SUPPLIED RECORDS Start Marker

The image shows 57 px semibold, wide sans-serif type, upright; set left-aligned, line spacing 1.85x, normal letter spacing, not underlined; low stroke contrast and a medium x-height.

SUPPLIED RECORDS End Marker
SUPPLIED RECORDS Start Marker

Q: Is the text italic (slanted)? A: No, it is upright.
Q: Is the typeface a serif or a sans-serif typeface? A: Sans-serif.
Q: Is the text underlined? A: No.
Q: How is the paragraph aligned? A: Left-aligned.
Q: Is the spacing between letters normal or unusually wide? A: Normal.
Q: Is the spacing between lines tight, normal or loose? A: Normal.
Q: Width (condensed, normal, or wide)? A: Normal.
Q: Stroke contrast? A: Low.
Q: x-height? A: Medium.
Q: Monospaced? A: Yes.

SUPPLIED RECORDS End Marker

### WORK ITEM
Going back over the entries above, copy word for word every line from the one that has "Q: Is the typeface" on through the one that has "Q: Monospaced? A: Yes.".

### WRITTEN SOLUTION
Q: Is the typeface a serif or a sans-serif typeface? A: Sans-serif.
Q: Is the text underlined? A: No.
Q: How is the paragraph aligned? A: Left-aligned.
Q: Is the spacing between letters normal or unusually wide? A: Normal.
Q: Is the spacing between lines tight, normal or loose? A: Normal.
Q: Width (condensed, normal, or wide)? A: Normal.
Q: Stroke contrast? A: Low.
Q: x-height? A: Medium.
Q: Monospaced? A: Yes.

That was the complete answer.